JAKARTA - TPG Agustus 2026 menjadi perhatian guru penerima tunjangan profesi. Proses validasi untuk pencairan Agustus disebut segera berjalan setelah penarikan data dilakukan pada 10 Agustus 2026.
Informasi TPG Agustus 2026 tersebut juga berkaitan dengan guru yang tunjangan profesi guru (TPG) Juli belum cair atau SKTP belum terbit. Guru yang masih menunggu diminta tidak panik karena validasi Juli susulan disebut akan dilakukan bersamaan dengan proses validasi Agustus.
Pembahasan TPG Agustus 2026 juga menyoroti pentingnya kesesuaian data Dapodik, PTK Datadik, dan Info GTK. Kesalahan jam mengajar, tugas tambahan, sertifikasi hingga gaji pokok dapat memengaruhi proses validasi dan penerbitan SKTP.
Baca Juga: SKTP JULI SUDAH TERBIT TAPI TPG BELUM CAIR, CEK KONDISI INFO GTK AGUSTUS 2026
Validasi TPG Juli Masih Berjalan
Berdasarkan penjelasan dalam video, tampilan validasi tunjangan profesi untuk Agustus di Info GTK masih berwarna abu-abu. Kondisi tersebut menunjukkan proses untuk bulan Agustus belum sepenuhnya berjalan.
Sementara itu, sebagian guru masih menghadapi masalah SKTP Juli yang belum terbit. Guru yang berada dalam kondisi tersebut disebut masih memiliki kesempatan mengikuti validasi susulan.
Penarikan data untuk Agustus disebut dilakukan pada 10 Agustus. Karena itu, operator sekolah diminta memastikan sinkronisasi Dapodik dilakukan sebelum atau paling lambat pada tanggal tersebut.

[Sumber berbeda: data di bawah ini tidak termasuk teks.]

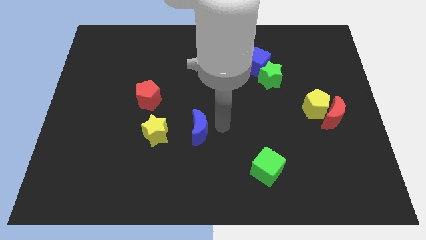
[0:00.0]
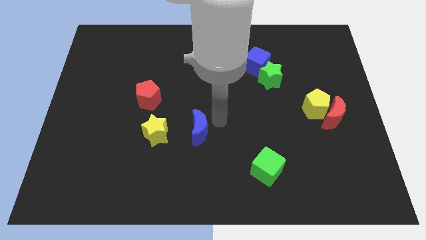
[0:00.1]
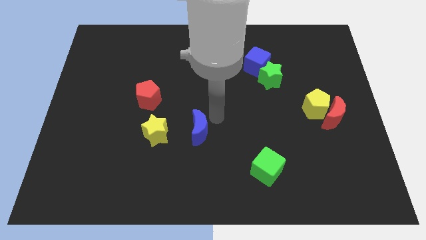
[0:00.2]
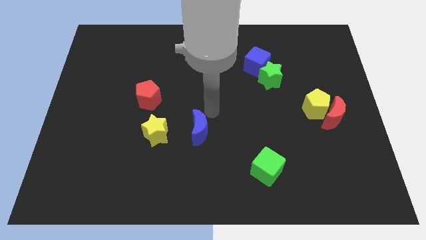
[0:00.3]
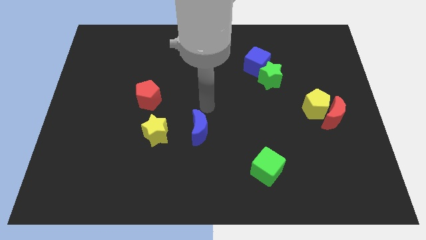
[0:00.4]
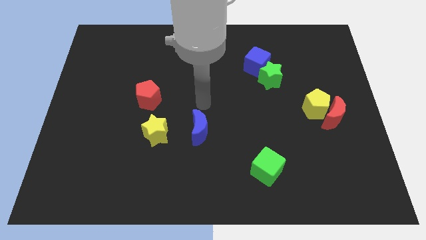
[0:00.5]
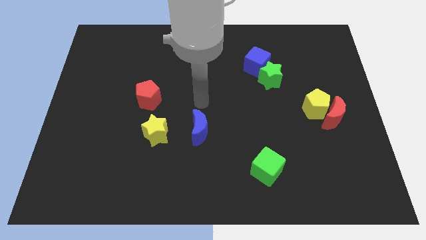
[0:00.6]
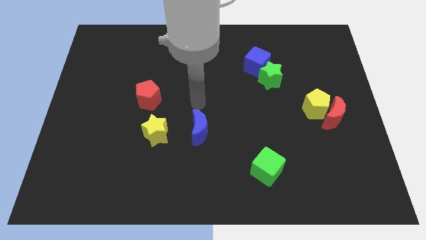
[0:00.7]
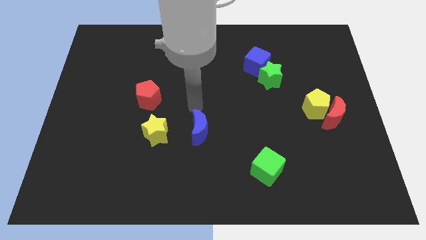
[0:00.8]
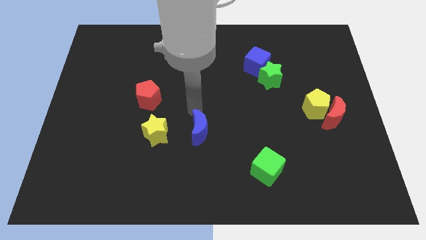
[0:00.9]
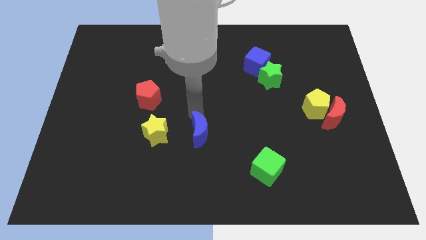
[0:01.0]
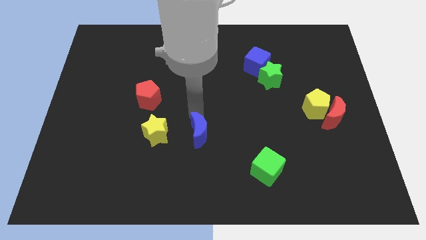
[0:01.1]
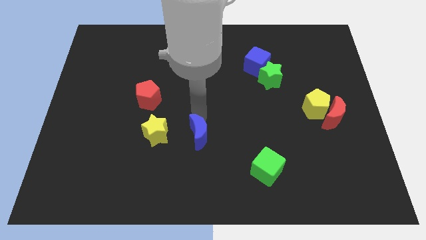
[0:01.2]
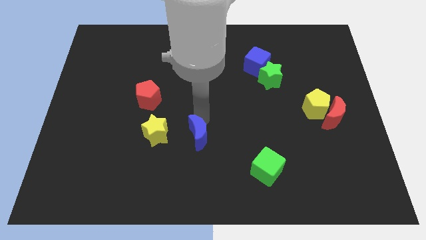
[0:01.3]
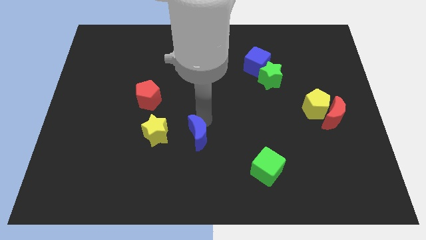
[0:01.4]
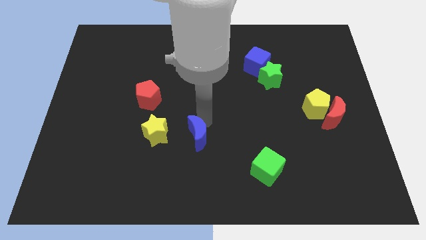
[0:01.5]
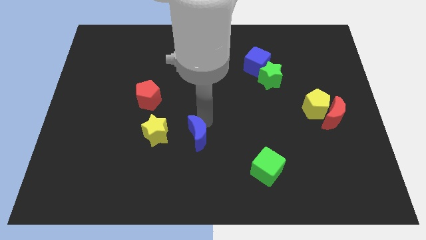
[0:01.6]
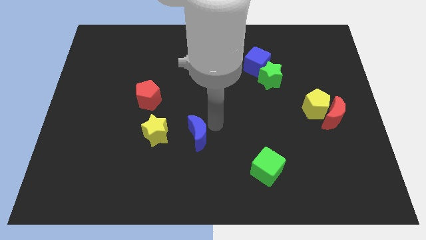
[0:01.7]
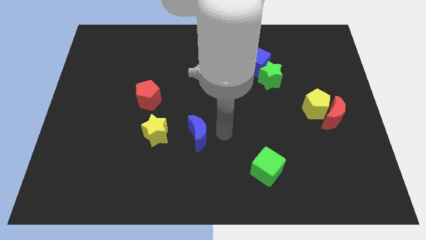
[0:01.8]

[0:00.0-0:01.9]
push the blue crescent to the right side of the yellow star
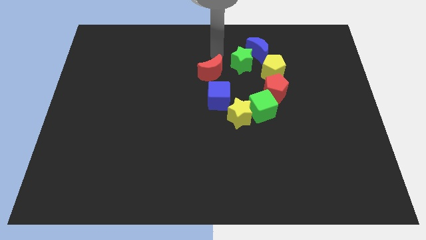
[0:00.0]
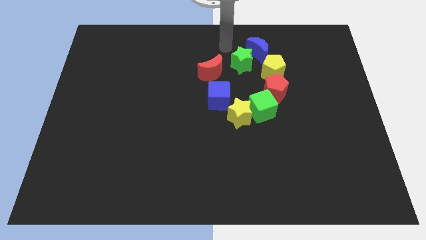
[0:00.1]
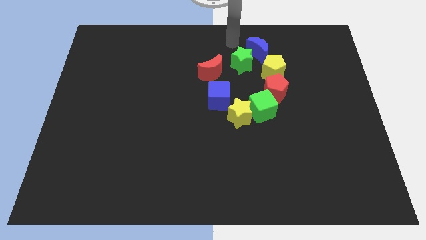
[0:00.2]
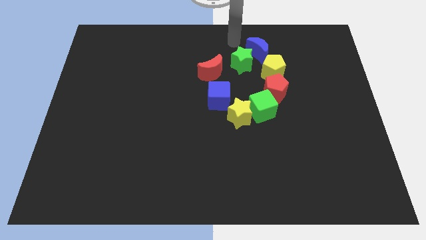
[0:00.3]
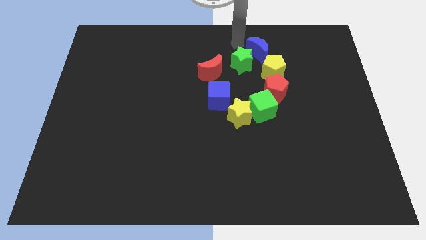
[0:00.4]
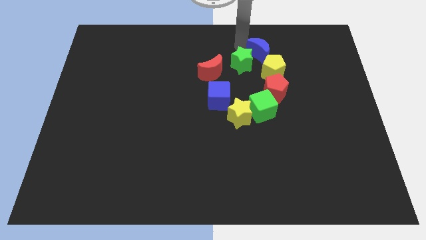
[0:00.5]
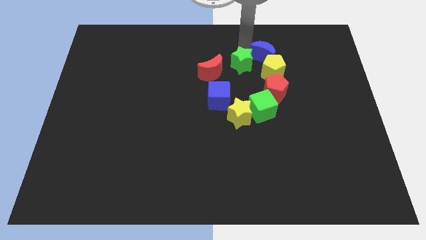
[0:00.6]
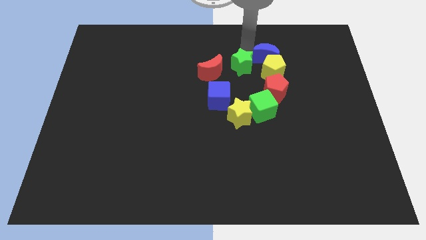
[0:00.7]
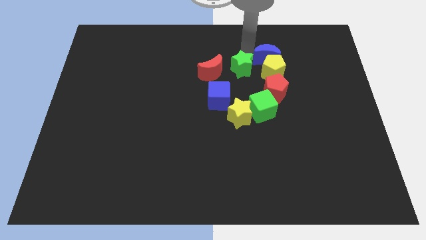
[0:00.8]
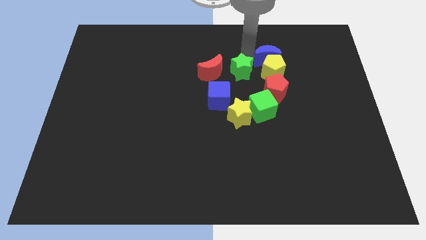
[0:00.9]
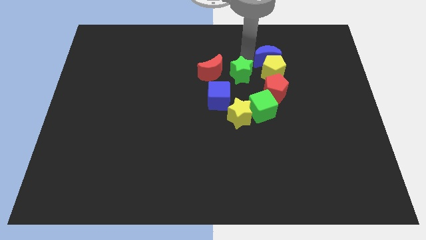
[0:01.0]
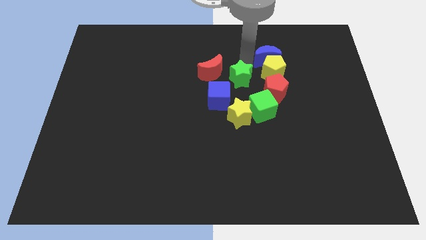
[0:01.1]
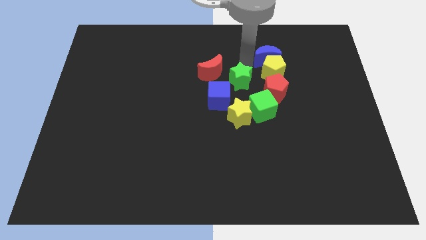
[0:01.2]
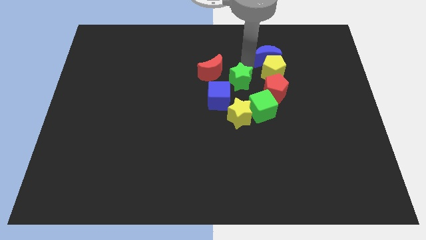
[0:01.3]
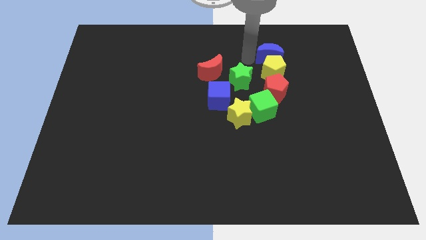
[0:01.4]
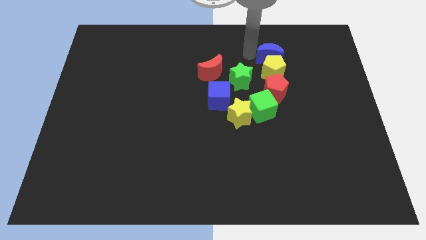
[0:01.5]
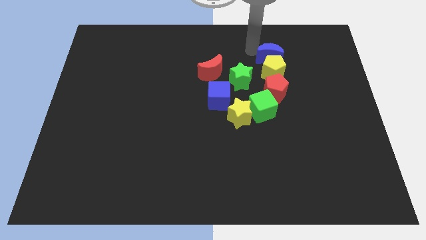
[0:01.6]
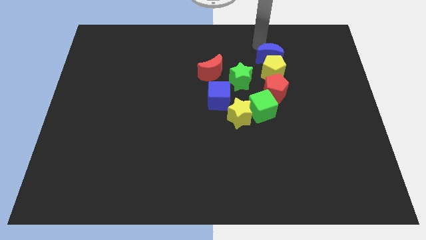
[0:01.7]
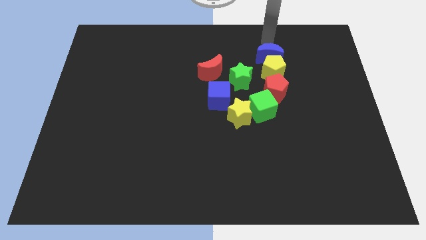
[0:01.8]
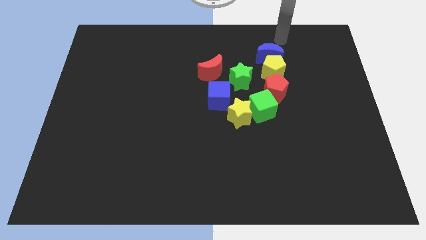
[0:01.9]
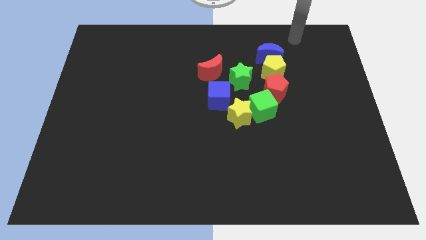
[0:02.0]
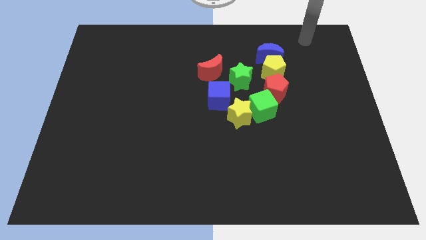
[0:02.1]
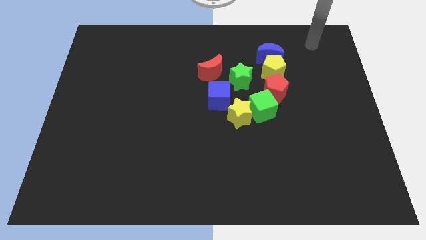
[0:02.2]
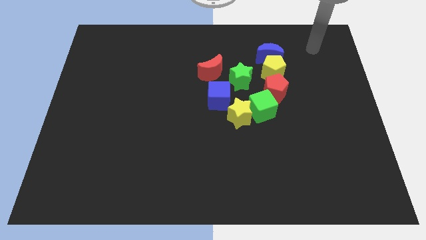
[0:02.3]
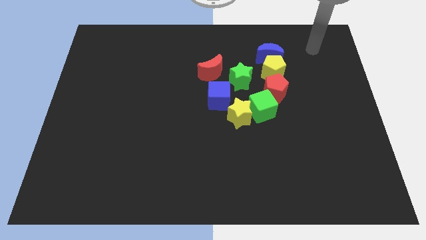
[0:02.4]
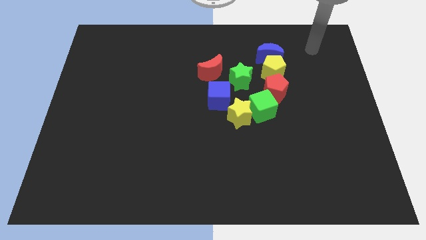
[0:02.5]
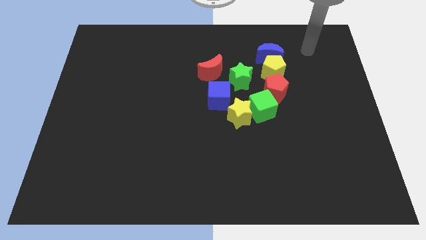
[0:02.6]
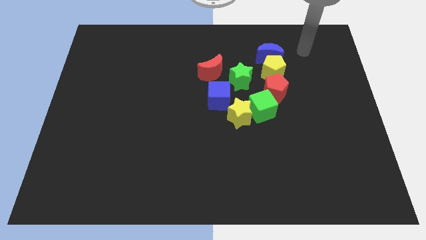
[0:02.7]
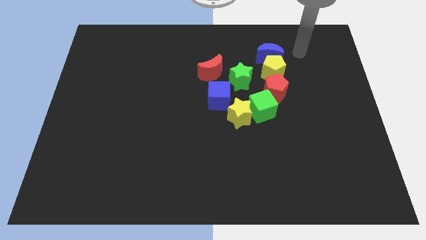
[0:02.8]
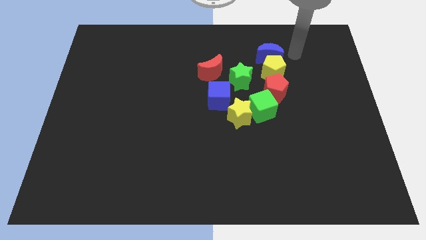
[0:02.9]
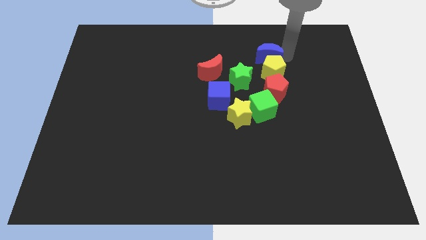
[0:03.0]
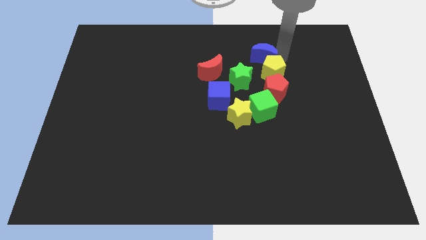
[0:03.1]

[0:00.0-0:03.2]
place the arm right to the blue moon

Baca Juga: TPG Agustus 2026 Segera Diproses, Guru Diminta Cek PTK Data Sebelum SKTP Terbit
Data yang terlambat disinkronkan berpotensi tidak ikut dalam proses penarikan. Guru yang memiliki perubahan data juga disarankan segera berkoordinasi dengan operator sekolah.
Cek Beban Mengajar dan Tugas Tambahan
Guru yang SKTP Juli belum terbit dapat mengecek data melalui PTK Datadik. Beberapa hal yang perlu diperiksa antara lain beban mengajar, tugas tambahan, pendidikan, sertifikasi, kepangkatan, dan kenaikan gaji berkala.
Beban mengajar perlu dipastikan sesuai dengan kondisi sebenarnya di sekolah. Jika jam mengajar belum mencapai 24 jam per minggu, tugas tambahan dapat menjadi bagian dari pemenuhan beban tersebut sesuai ketentuan yang berlaku.
Baca Juga: TPG Februari: SKTP Disebut Sudah Terbit di Info GTK, Guru Diminta Cek Beban Mengajar
Dalam contoh pada video, guru memiliki 12 jam mengajar dan tambahan 12 jam dari tugas tambahan. Totalnya menjadi 24 jam sehingga memenuhi persyaratan beban mengajar.
Guru juga diminta memperhatikan status tugas tambahan. Jangan sampai terdapat tugas yang sudah memiliki TST atau tanggal selesai tugas, karena dapat memengaruhi perhitungan data.
Gaji Pokok Juga Wajib Diperiksa
Selain jam mengajar, data gaji pokok menjadi bagian penting yang harus diperiksa. Informasi gaji di PTK Datadik perlu sama dengan data yang tercantum pada Info GTK.
Baca Juga: TPG Agustus 2026 Segera Diproses, Guru Diminta Cek PTK Data Sebelum SKTP Terbit
Jika terdapat perbedaan, guru disarankan segera berkoordinasi dengan operator sekolah. Ketidaksesuaian data gaji dapat berpengaruh terhadap besaran pembayaran TPG.
Setelah pengecekan, guru bisa membandingkan kembali data PTK Datadik dengan Info GTK. Pastikan jumlah jam linear, tugas tambahan, dan sumber gaji sudah sesuai.
Validasi Juli dan Agustus Bisa Berbarengan
Proses validasi Juli susulan disebut akan berjalan berbarengan dengan validasi Agustus setelah 10 Agustus 2026. Karena itu, guru yang datanya sudah benar tetapi belum valid di Info GTK masih diminta menunggu proses berikutnya.
Baca Juga: TPG Februari: SKTP Disebut Sudah Terbit di Info GTK, Guru Diminta Cek Beban Mengajar
Perhitungan kebutuhan guru juga disebut baru dapat dilakukan setelah 31 Agustus 2026. Hal tersebut berkaitan dengan proses finalisasi data rombongan belajar atau rombel.
Guru tunggal atau guru yang jumlah jamnya belum mencapai 24 jam berpotensi mengalami validasi lebih belakangan. Beberapa tugas tambahan juga masih disebut dalam proses validasi.
Untuk SKTP periode Januari-Juni yang masih terkendala, guru dapat melapor melalui operator sekolah agar diteruskan kepada pihak terkait. Jika data dan pemenuhan jam sudah sesuai, proses penerbitan SKTP dapat dilanjutkan.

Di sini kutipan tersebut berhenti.